В 1926 г. вышла «Машенька» — первый опыт Сирина в форме романа. Мне приходилось в свое время (на страницах прежнего «Возрождения») отмечать большие достоинства и обещания этого первого романа Сирина, точную образность его языка, своеобразие архитектоники (роман построен в двух планах — действительном и вспоминательном, причем героиня, именем которой назван роман, появляется только во втором плане, а в момент, когда она должна появиться во плоти, герой от этого воплощения своего воспоминания неожиданно — уезжает).

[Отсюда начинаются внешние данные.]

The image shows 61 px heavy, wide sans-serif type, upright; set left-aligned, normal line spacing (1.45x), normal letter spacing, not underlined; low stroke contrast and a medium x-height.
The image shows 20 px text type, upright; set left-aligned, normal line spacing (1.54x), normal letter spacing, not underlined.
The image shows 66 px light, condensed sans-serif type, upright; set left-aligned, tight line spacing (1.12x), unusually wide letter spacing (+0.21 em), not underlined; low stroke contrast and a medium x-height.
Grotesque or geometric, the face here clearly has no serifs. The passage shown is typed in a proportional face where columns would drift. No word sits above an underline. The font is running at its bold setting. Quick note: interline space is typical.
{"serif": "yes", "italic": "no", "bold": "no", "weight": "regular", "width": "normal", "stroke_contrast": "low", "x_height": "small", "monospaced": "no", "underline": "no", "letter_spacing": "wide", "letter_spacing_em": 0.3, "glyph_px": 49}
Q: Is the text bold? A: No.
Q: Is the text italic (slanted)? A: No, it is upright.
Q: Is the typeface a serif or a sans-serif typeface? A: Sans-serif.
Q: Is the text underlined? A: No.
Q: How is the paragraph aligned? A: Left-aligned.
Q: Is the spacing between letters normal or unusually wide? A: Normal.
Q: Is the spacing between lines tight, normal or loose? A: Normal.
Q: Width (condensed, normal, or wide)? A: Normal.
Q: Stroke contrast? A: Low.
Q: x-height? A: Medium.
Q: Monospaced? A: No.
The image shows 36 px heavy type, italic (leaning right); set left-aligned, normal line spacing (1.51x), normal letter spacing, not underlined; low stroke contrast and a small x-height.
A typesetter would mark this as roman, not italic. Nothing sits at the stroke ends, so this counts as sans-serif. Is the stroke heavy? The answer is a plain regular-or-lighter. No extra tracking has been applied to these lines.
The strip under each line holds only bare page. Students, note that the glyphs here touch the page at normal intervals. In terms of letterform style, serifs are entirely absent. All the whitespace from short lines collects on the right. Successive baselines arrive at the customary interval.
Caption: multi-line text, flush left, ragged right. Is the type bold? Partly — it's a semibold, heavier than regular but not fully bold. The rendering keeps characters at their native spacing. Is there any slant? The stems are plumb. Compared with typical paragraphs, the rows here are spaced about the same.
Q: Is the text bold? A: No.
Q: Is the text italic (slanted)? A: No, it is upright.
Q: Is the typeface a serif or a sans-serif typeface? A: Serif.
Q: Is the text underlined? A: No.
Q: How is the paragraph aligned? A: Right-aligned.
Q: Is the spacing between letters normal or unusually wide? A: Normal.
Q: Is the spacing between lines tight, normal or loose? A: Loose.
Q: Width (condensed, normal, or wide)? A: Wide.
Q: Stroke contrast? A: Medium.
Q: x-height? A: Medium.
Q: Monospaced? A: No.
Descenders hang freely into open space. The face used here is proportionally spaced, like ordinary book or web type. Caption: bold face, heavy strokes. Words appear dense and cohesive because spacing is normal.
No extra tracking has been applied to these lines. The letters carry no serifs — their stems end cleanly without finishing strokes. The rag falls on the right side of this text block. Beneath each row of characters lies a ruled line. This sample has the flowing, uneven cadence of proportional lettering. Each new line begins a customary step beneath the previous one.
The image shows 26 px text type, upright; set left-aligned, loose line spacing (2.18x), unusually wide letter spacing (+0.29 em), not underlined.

Зоркость к миру, особенно к мелочам его, способность эти мелочи как-то по-новому, отнюдь не фотографически, изобразить, — обнаружились уже в «Машеньке» как одно из отличительных свойств сиринского таланта.
Был в «Машеньке» бытовой элемент, и этот элемент удался Сирину на славу: русский пансион в Берлине и фигуры его обитателей были изображены великолепно. Это дало повод одному критику говорить о нарождении в «эмиграции» ее первого настоящего бытописателя. Дальнейший творческий путь Сирина показал, как мало подходила к нему эта характеристика. Но несомненно, что возможности Сирина, как я в свое время и отмечал, были даны еще в «Машеньке».
Эти возможности развернулись в полной мере в следующем романе Сирина — «Король, дама, валет» (1928). От эмигрантского быта тут уже не было и следа. Вообще, быт отошел на второй план, и те, кто писал, что в «Короле, даме, валете» автор изображает современный немецкий быт или дает гротеск быта, прошли мимо существа этой вещи. Дело вовсе не в быте, и быт был намеренно (но отнюдь не с сатирическим умыслом) стилизован — так требовал основной замысел романа.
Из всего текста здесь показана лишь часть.